(Data excerpts)
- - - - -

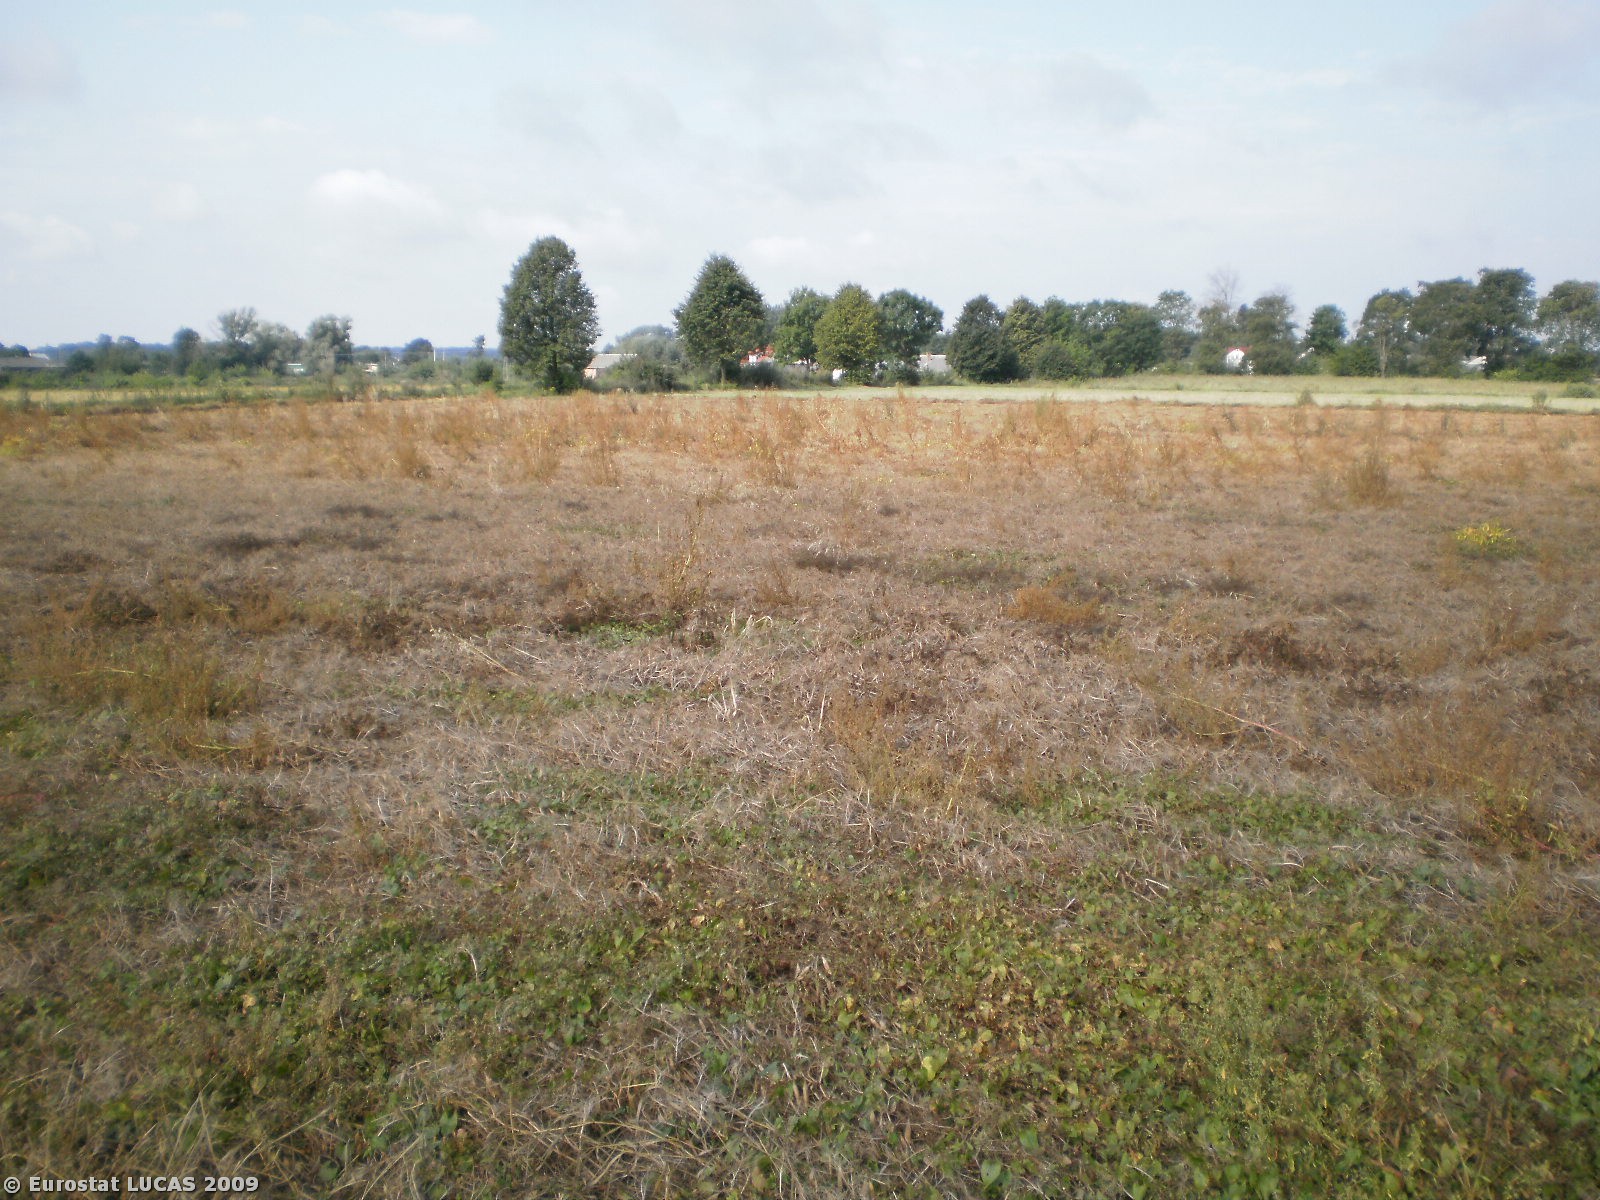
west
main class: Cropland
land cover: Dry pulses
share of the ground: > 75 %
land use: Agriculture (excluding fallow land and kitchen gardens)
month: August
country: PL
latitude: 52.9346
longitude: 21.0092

- - - - -

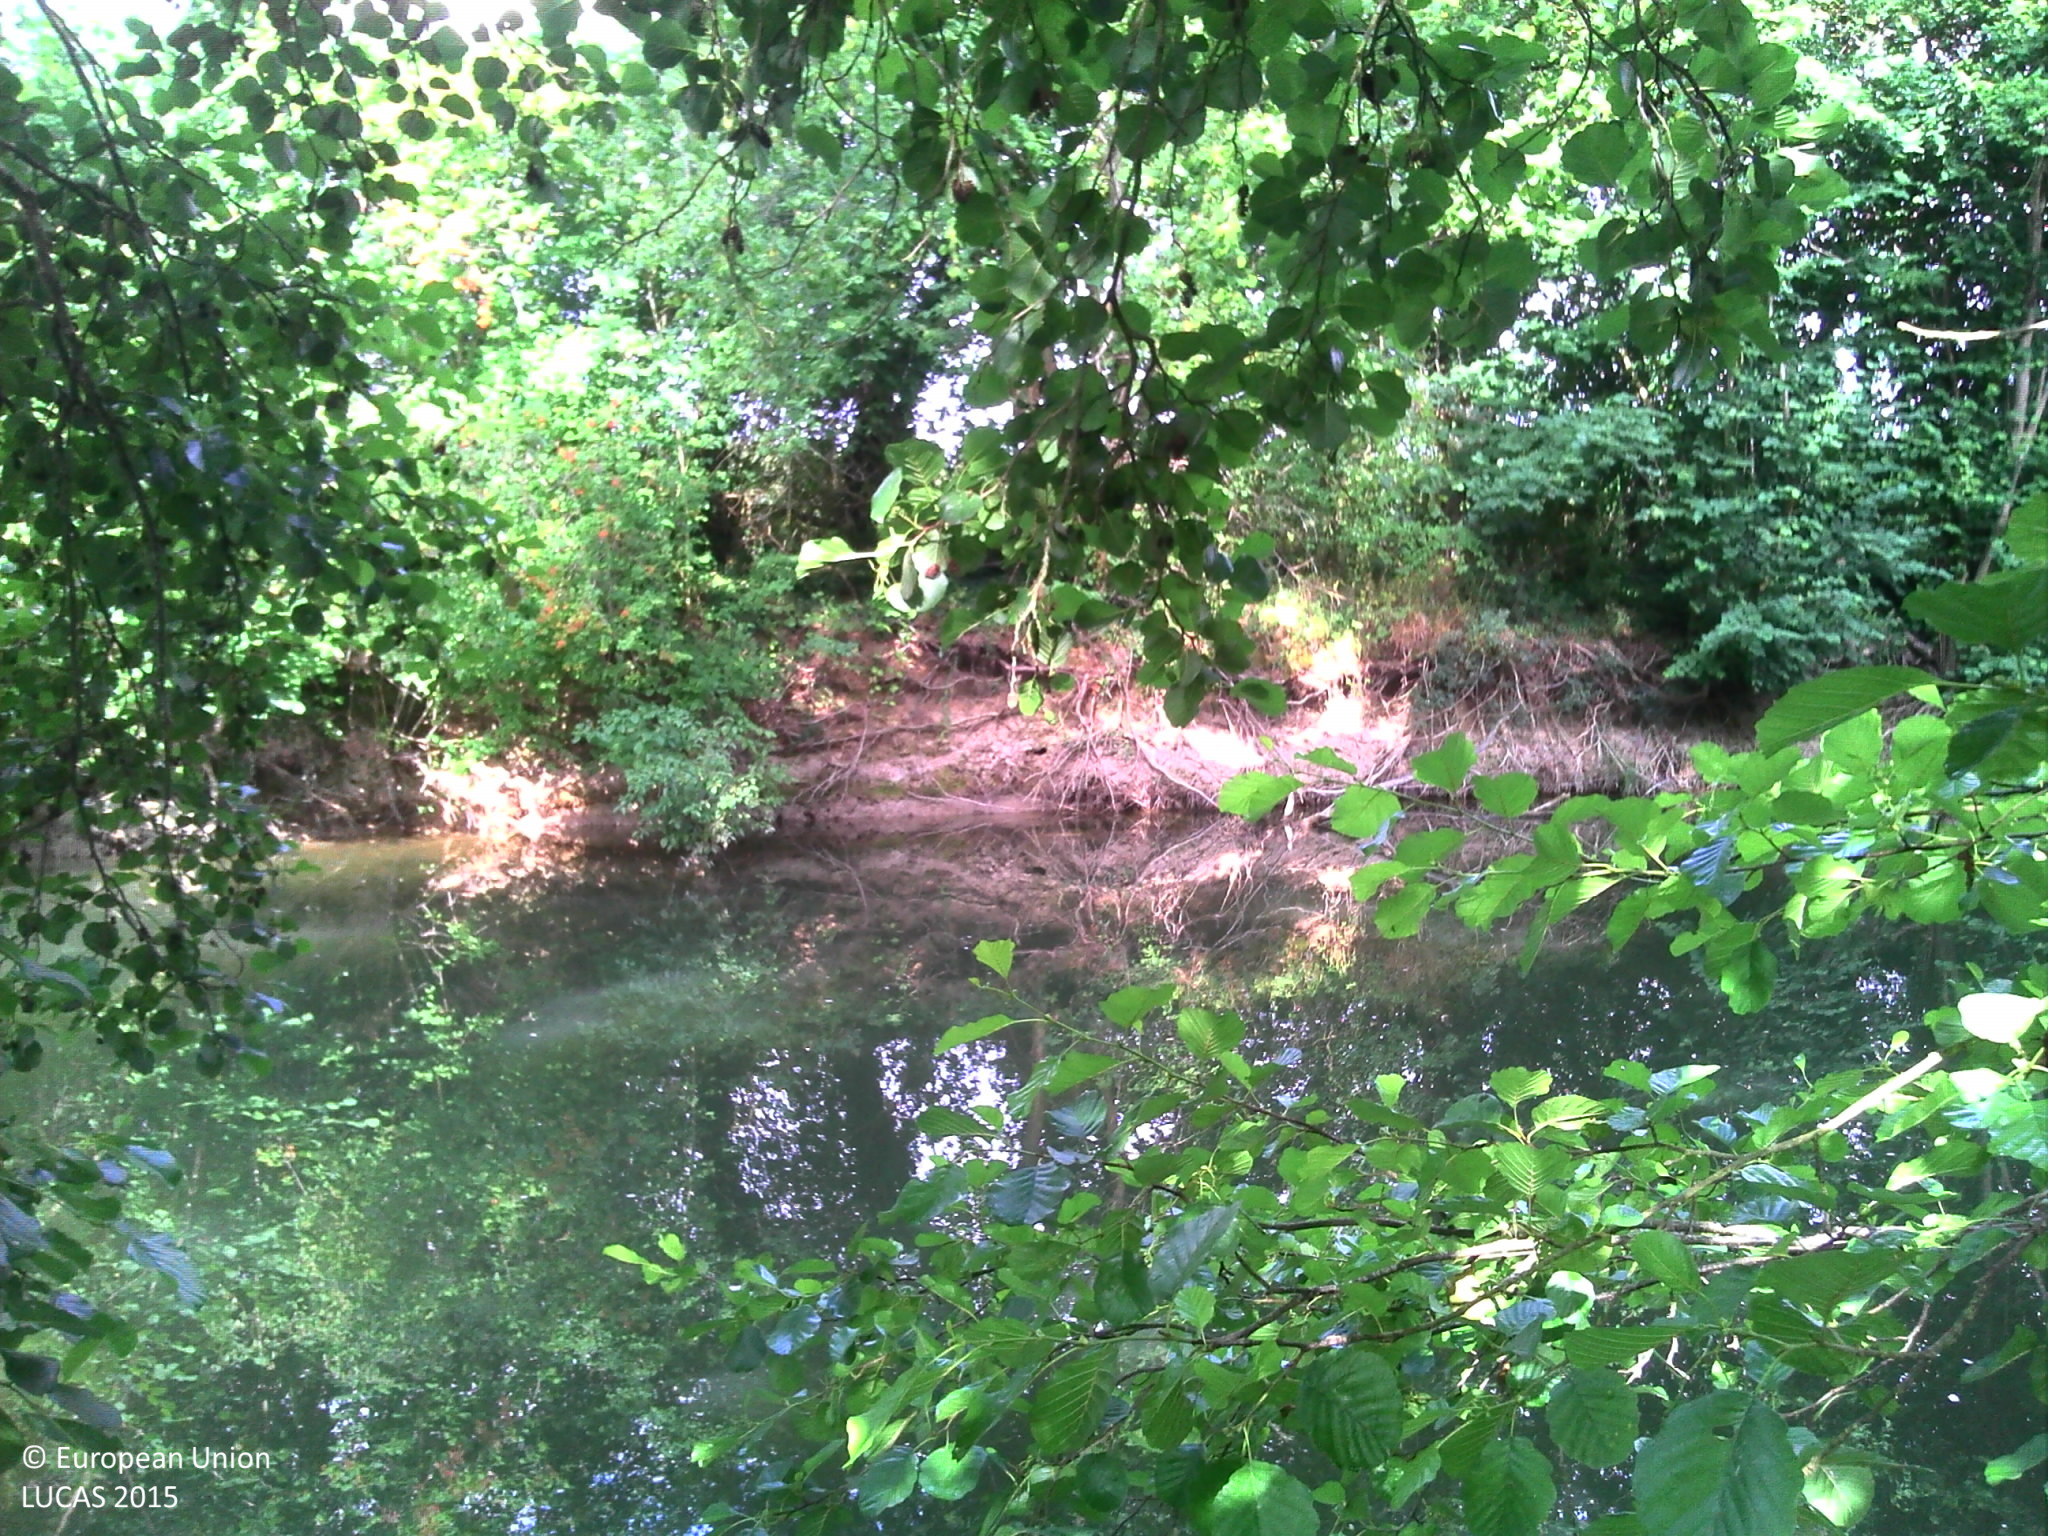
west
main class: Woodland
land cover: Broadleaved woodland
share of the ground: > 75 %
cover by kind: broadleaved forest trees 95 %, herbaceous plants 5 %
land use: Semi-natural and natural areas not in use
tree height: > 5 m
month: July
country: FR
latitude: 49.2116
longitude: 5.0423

- - - - -

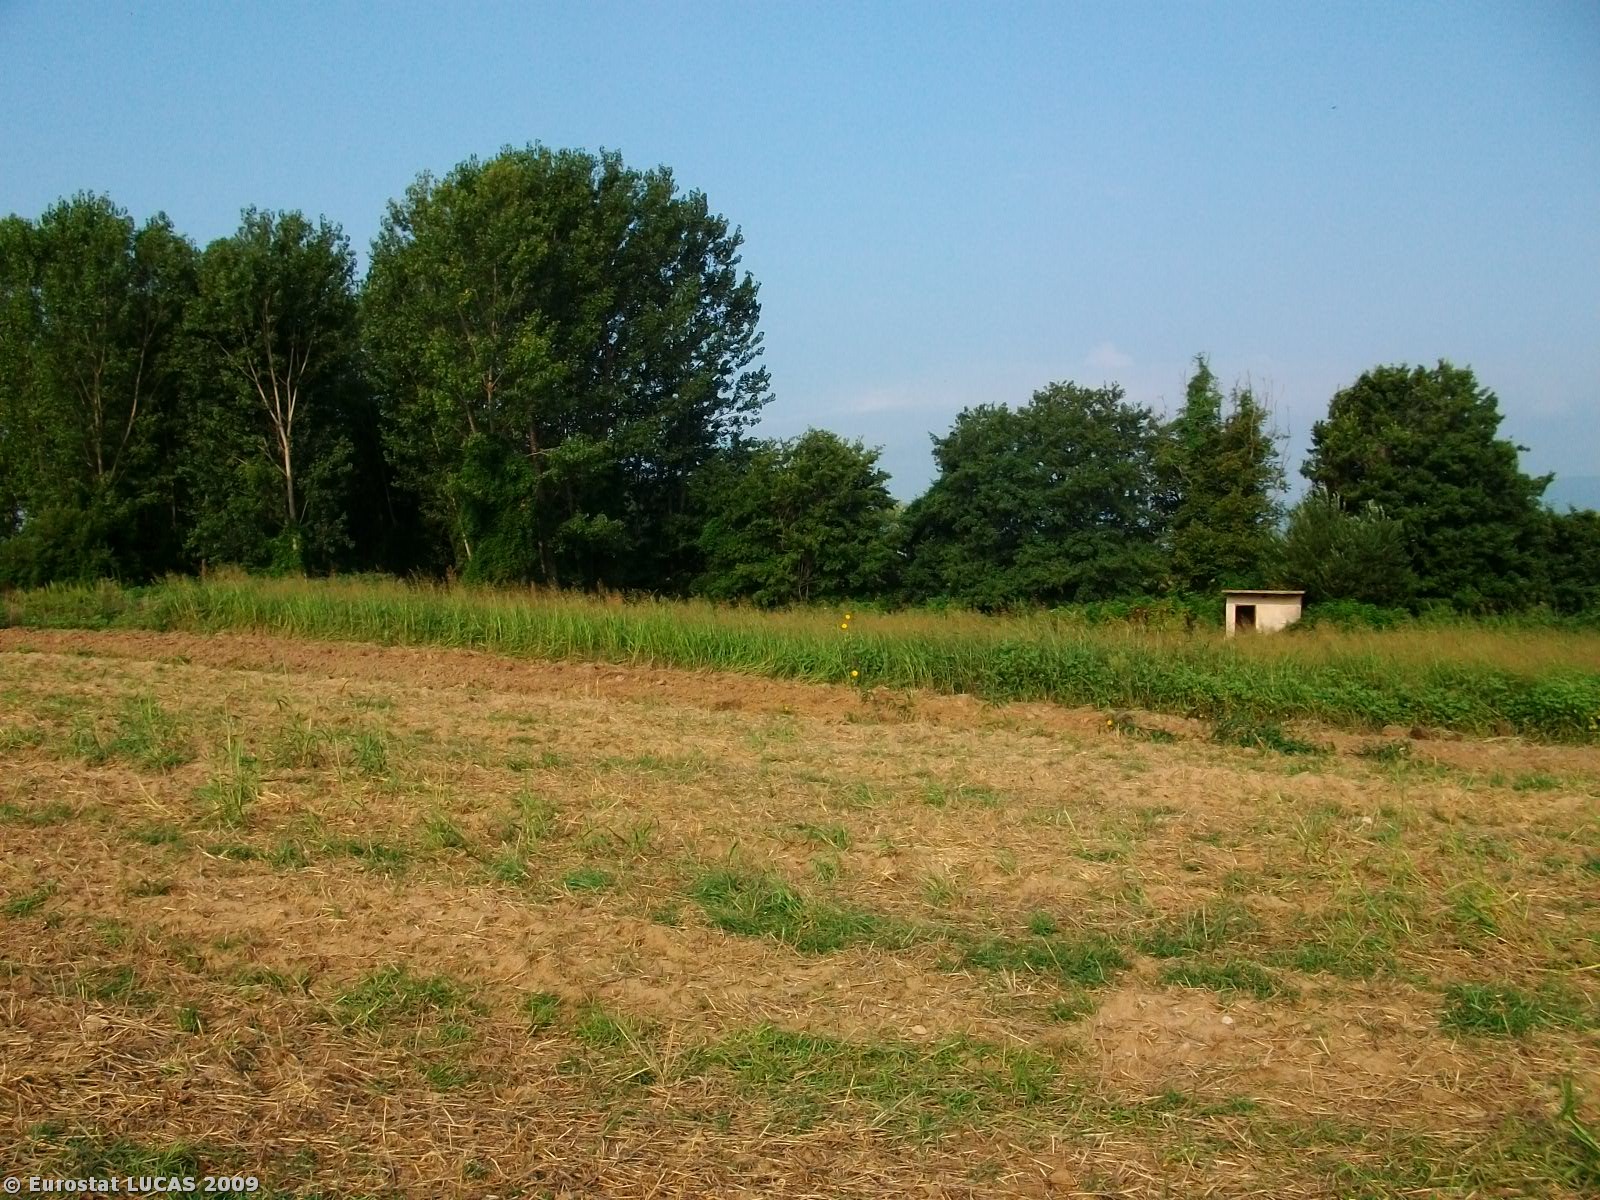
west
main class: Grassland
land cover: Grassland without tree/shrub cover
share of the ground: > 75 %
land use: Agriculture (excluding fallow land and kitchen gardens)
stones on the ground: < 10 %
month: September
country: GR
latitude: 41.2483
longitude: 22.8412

- - - - -

Instructions for the task:
If a line in the records includes the string "cover", copy it.

Written response:
land cover: Dry pulses
land cover: Broadleaved woodland
cover by kind: broadleaved forest trees 95 %, herbaceous plants 5 %
land cover: Grassland without tree/shrub cover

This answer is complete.